Supplied material

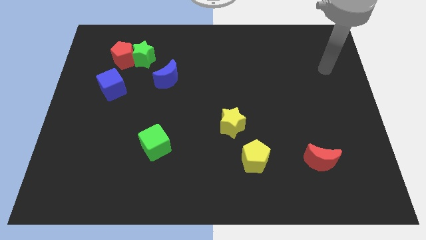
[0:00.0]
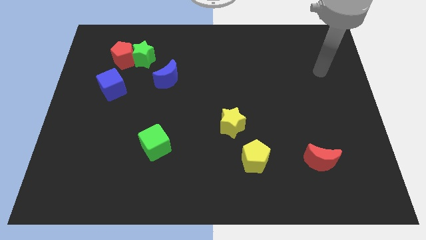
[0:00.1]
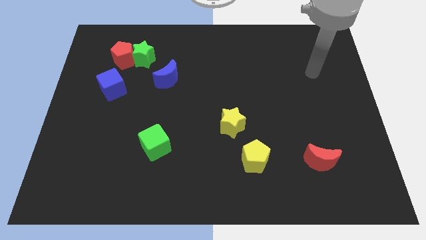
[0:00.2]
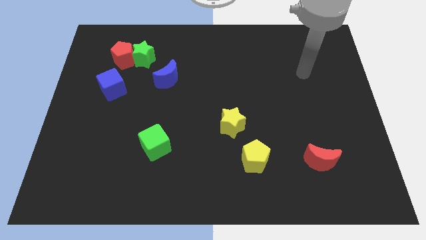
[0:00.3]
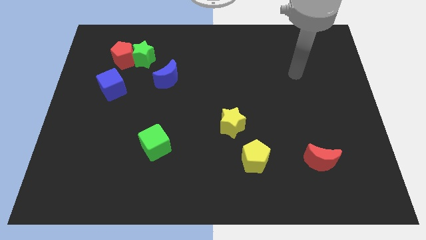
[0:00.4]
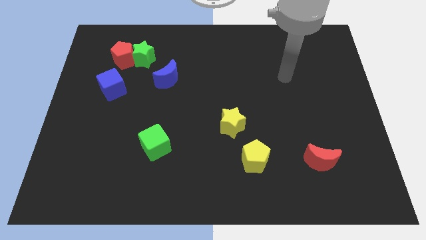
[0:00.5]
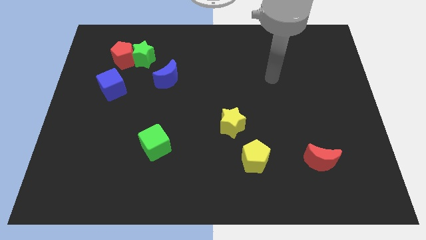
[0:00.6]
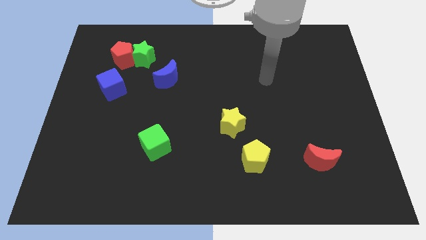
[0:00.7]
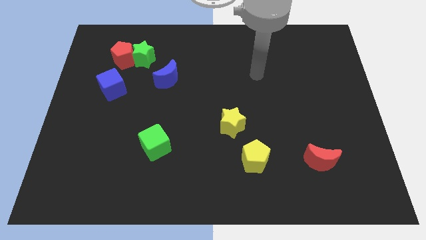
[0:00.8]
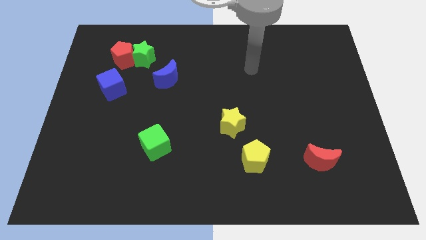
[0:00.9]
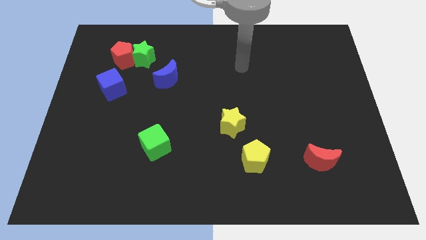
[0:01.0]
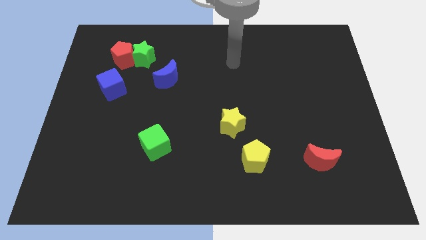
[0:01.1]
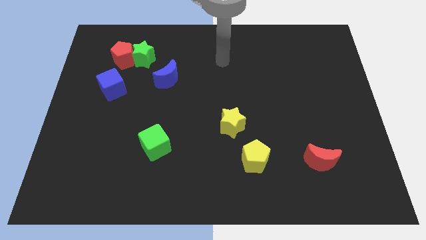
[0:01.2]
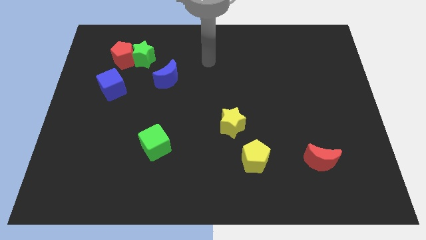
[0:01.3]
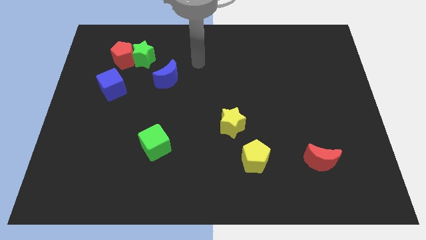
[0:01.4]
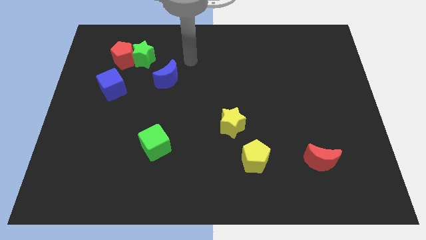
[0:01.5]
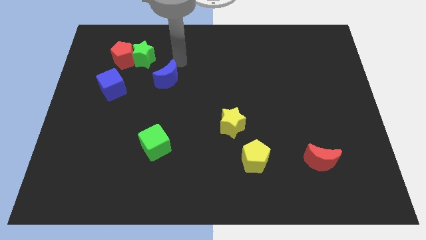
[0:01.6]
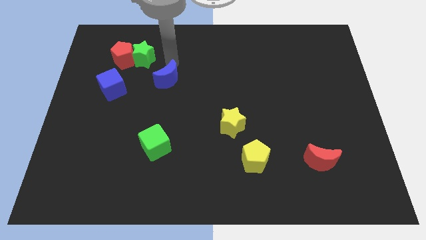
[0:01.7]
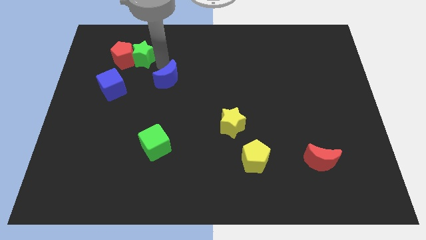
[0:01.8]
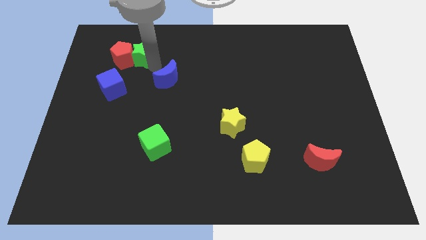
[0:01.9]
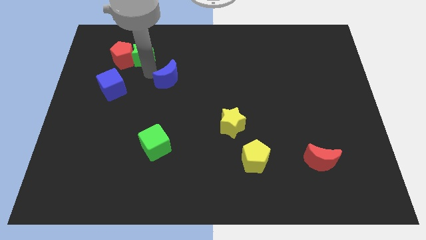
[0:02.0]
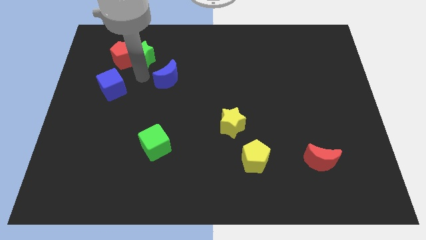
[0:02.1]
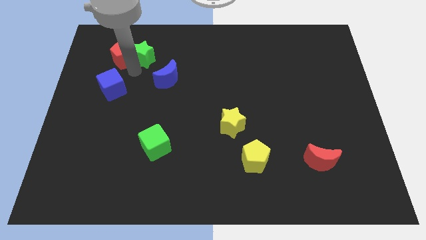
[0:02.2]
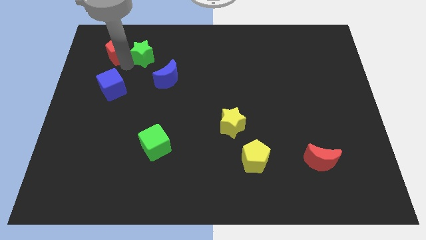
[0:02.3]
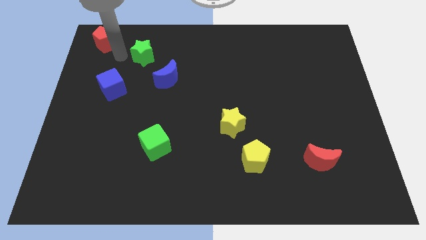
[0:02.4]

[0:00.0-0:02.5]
separate the green star from the red pentagon

What is expected
From the data above, write out everything exactly except the pictures.

Task output
[0:00.0]
[0:00.1]
[0:00.2]
[0:00.3]
[0:00.4]
[0:00.5]
[0:00.6]
[0:00.7]
[0:00.8]
[0:00.9]
[0:01.0]
[0:01.1]
[0:01.2]
[0:01.3]
[0:01.4]
[0:01.5]
[0:01.6]
[0:01.7]
[0:01.8]
[0:01.9]
[0:02.0]
[0:02.1]
[0:02.2]
[0:02.3]
[0:02.4]

[0:00.0-0:02.5]
separate the green star from the red pentagon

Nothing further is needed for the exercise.